# Natural Language Processing

## Importing the libraries

In [1]:
import numpy as np
import matplotlib.pyplot as plt
import pandas as pd

## Importing the dataset

In [2]:
dataset = pd.read_csv('Restaurant_Reviews.tsv',delimiter='\t',quoting=3)

## Cleaning the texts

In [4]:
import re
import nltk
nltk.download('stopwords')
# stopwords คือ คำที่ไม่ได้ช่วยในการ predict เช่น the, a เป็นต้น
from nltk.corpus import stopwords
# stemming คือ การหา root word เช่น loved-> love เพื่อลด dimension ตอน train model(reduce learning curve)
from nltk.stem.porter import PorterStemmer
corpus=[]
for i in range(0,1000):
  review = re.sub('[^a-zA-Z]',' ',dataset['Review'][i])
  review = review.lower()
  review = review.split()
  ps = PorterStemmer()
  all_stopwords=stopwords.words('english')
  all_stopwords.remove('not')
  review=[ps.stem(word) for word in review if not word in set(all_stopwords)]
  review= ' '.join(review)
  corpus.append(review)

[nltk_data] Downloading package stopwords to /root/nltk_data...
[nltk_data]   Package stopwords is already up-to-date!


In [5]:
print(corpus)

['wow love place', 'crust not good', 'not tasti textur nasti', 'stop late may bank holiday rick steve recommend love', 'select menu great price', 'get angri want damn pho', 'honeslti tast fresh', 'potato like rubber could tell made ahead time kept warmer', 'fri great', 'great touch', 'servic prompt', 'would not go back', 'cashier care ever say still end wayyy overpr', 'tri cape cod ravoli chicken cranberri mmmm', 'disgust pretti sure human hair', 'shock sign indic cash', 'highli recommend', 'waitress littl slow servic', 'place not worth time let alon vega', 'not like', 'burritto blah', 'food amaz', 'servic also cute', 'could care less interior beauti', 'perform', 'right red velvet cake ohhh stuff good', 'never brought salad ask', 'hole wall great mexican street taco friendli staff', 'took hour get food tabl restaur food luke warm sever run around like total overwhelm', 'worst salmon sashimi', 'also combo like burger fri beer decent deal', 'like final blow', 'found place accid could not

## Creating the Bag of Words model

In [11]:
# tokenization การแยก word ที่มีใน review ทั้งหมดมาสร้างเป็น column ที่มี value 0,1
# sparse matrix matrix ที่มี 0 เป็นส่วนใหญ่
from sklearn.feature_extraction.text import CountVectorizer
cv = CountVectorizer(max_features=1500)
X = cv.fit_transform(corpus).toarray()
y = dataset.iloc[:, -1].values

In [12]:
len(X[0])

1500

## Splitting the dataset into the Training set and Test set

In [13]:
from sklearn.model_selection import train_test_split
X_train, X_test, y_train, y_test = train_test_split(X, y, test_size = 0.2, random_state = 0)

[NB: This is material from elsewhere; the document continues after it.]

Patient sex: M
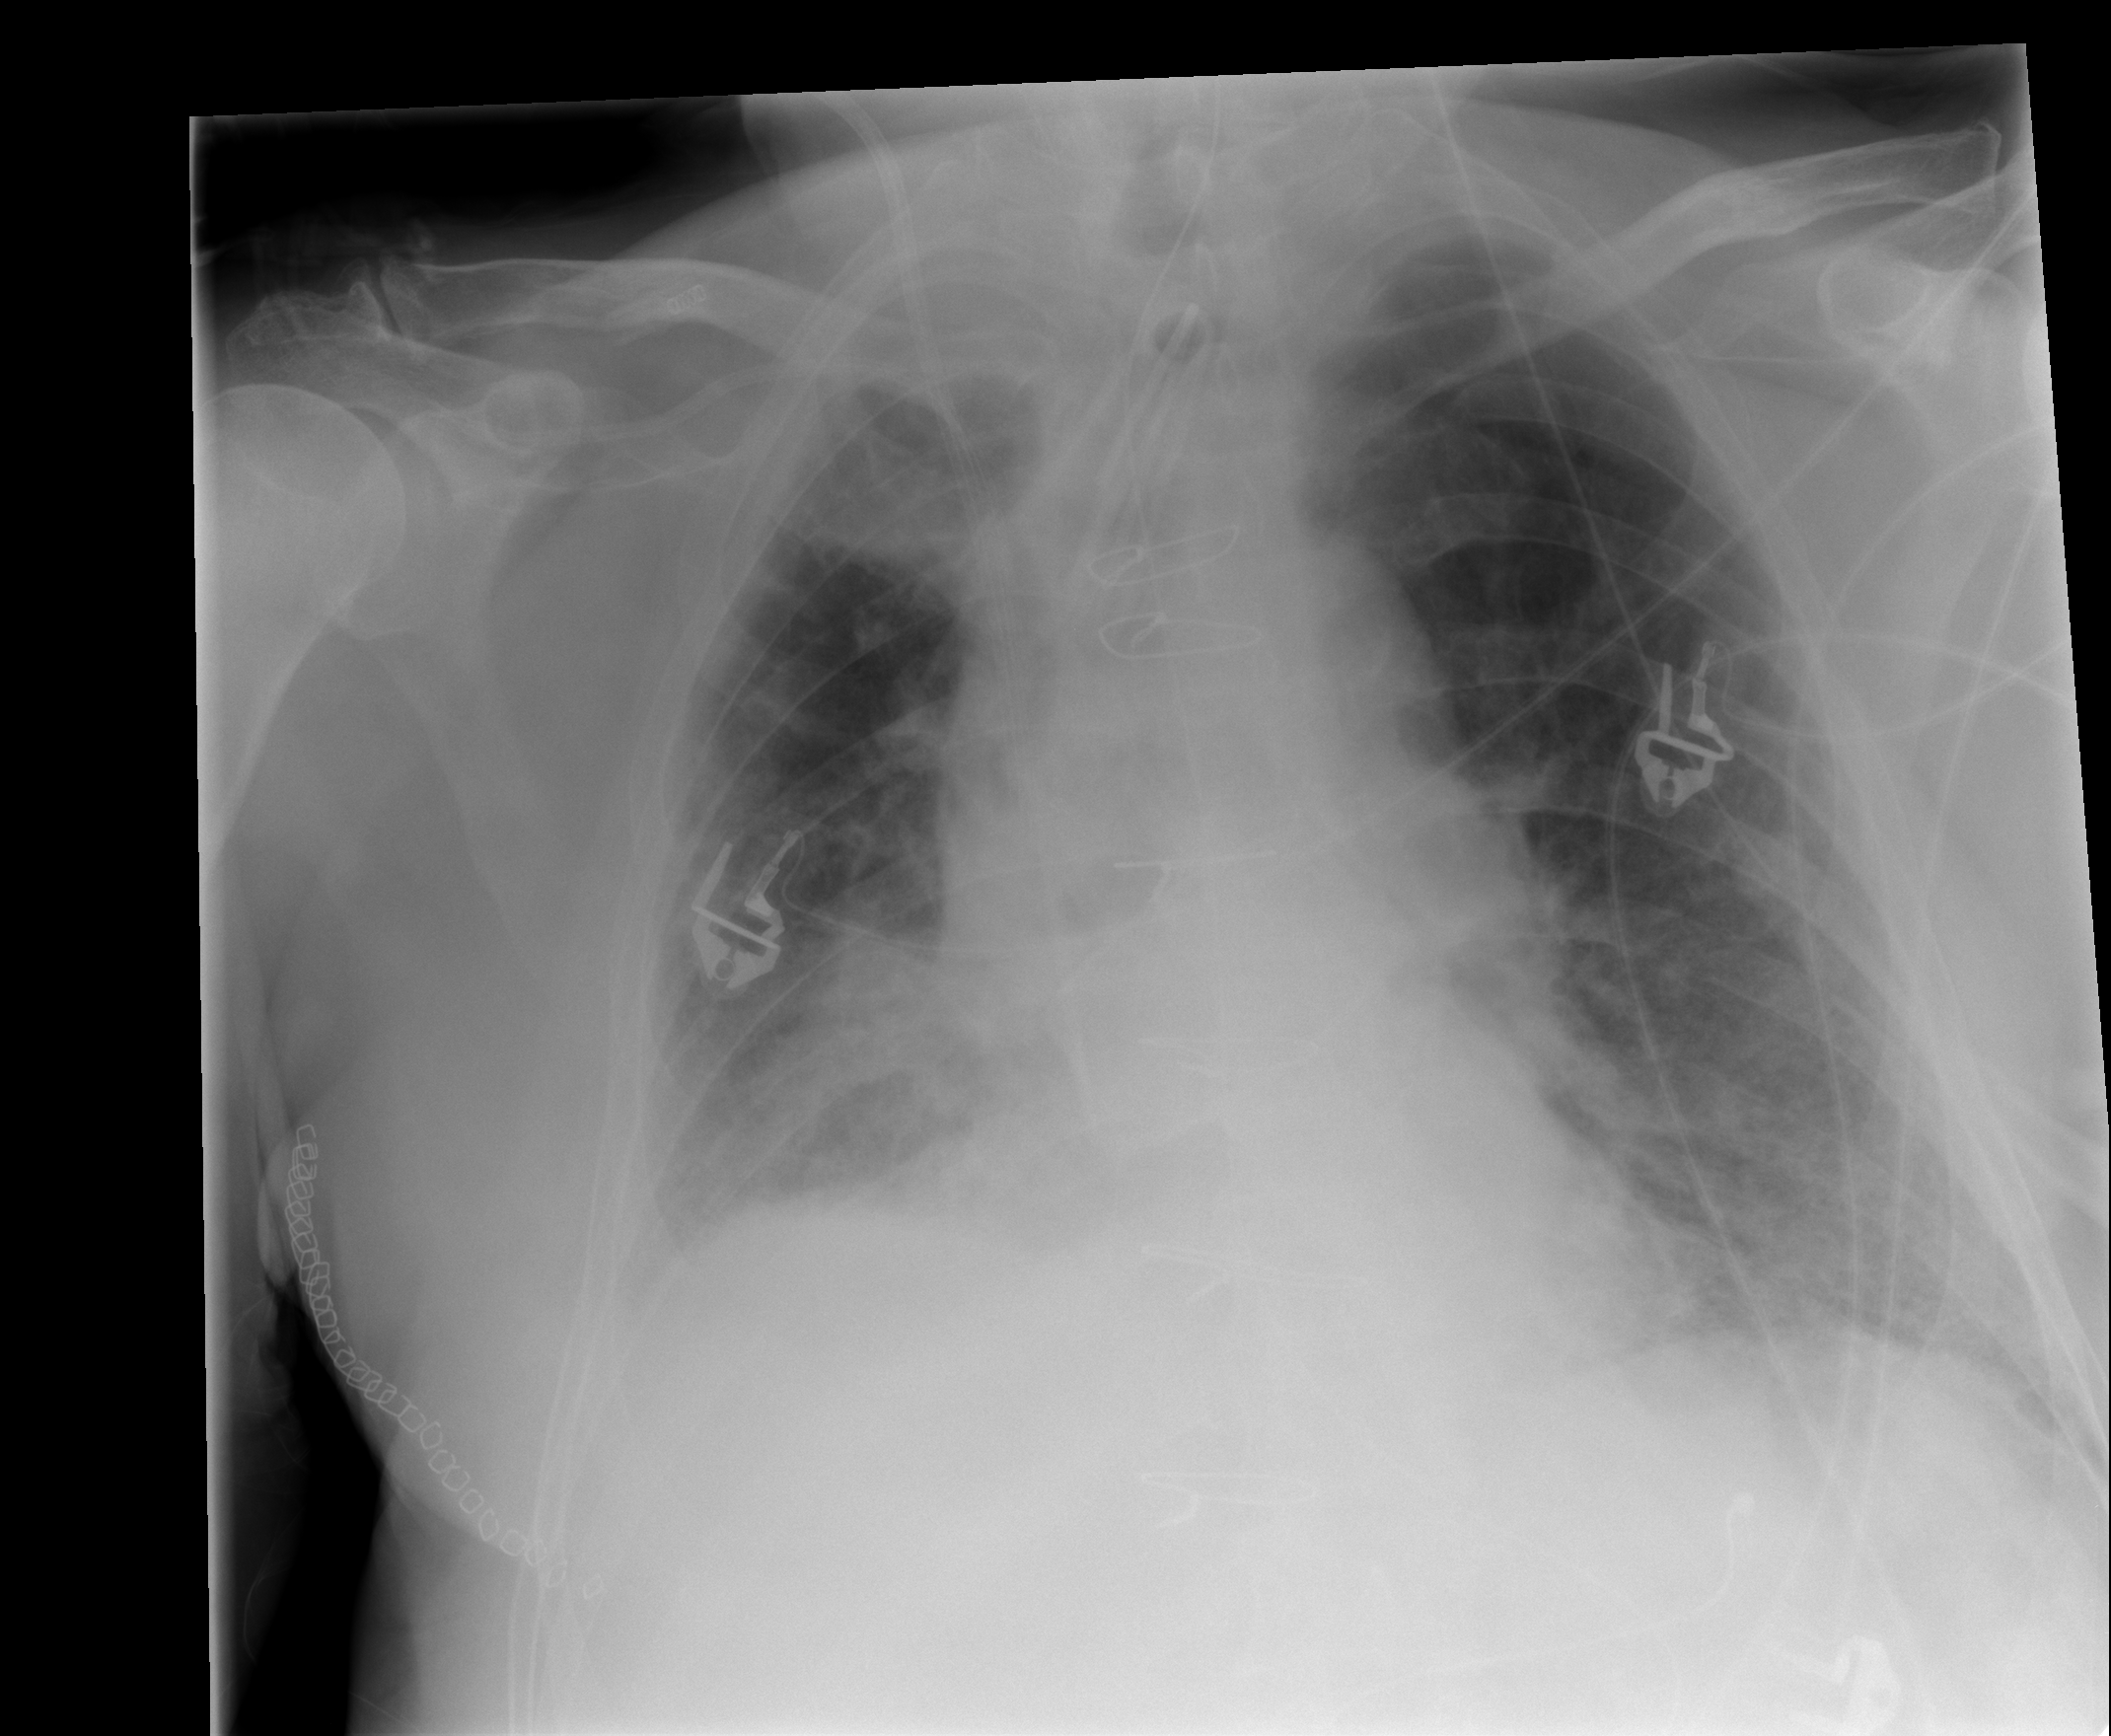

## Training the Naive Bayes model on the Training set

In [14]:
from sklearn.naive_bayes import GaussianNB
classifier = GaussianNB()
classifier.fit(X_train, y_train)

In [19]:
from sklearn.linear_model import LogisticRegression
classifier_logistic = LogisticRegression(random_state = 0)
classifier_logistic.fit(X_train, y_train)

In [20]:
from sklearn.neighbors import KNeighborsClassifier
classifier_knn = KNeighborsClassifier(n_neighbors = 5, metric = 'minkowski', p = 2)
classifier_knn.fit(X_train, y_train)

In [21]:
from sklearn.svm import SVC
classifier_svc = SVC(kernel = 'linear', random_state = 0)
classifier_svc.fit(X_train, y_train)

In [22]:
from sklearn.svm import SVC
classifier_kernel_svc = SVC(kernel = 'rbf', random_state = 0)
classifier_kernel_svc.fit(X_train, y_train)

In [23]:
from sklearn.tree import DecisionTreeClassifier
classifier_dt = DecisionTreeClassifier(criterion = 'entropy', random_state = 0)
classifier_dt.fit(X_train, y_train)

In [24]:
from sklearn.ensemble import RandomForestClassifier
classifier_rf = RandomForestClassifier(n_estimators = 10, criterion = 'entropy', random_state = 0)
classifier_rf.fit(X_train, y_train)

## Predicting the Test set results

In [25]:
y_pred = classifier.predict(X_test)
y_pred_logis = classifier_logistic.predict(X_test)
y_pred_knn = classifier_knn.predict(X_test)
y_pred_svc = classifier_svc.predict(X_test)
y_pred_kernel_svc = classifier_kernel_svc.predict(X_test)
y_pred_dt= classifier_dt.predict(X_test)
y_pred_rf = classifier_rf.predict(X_test)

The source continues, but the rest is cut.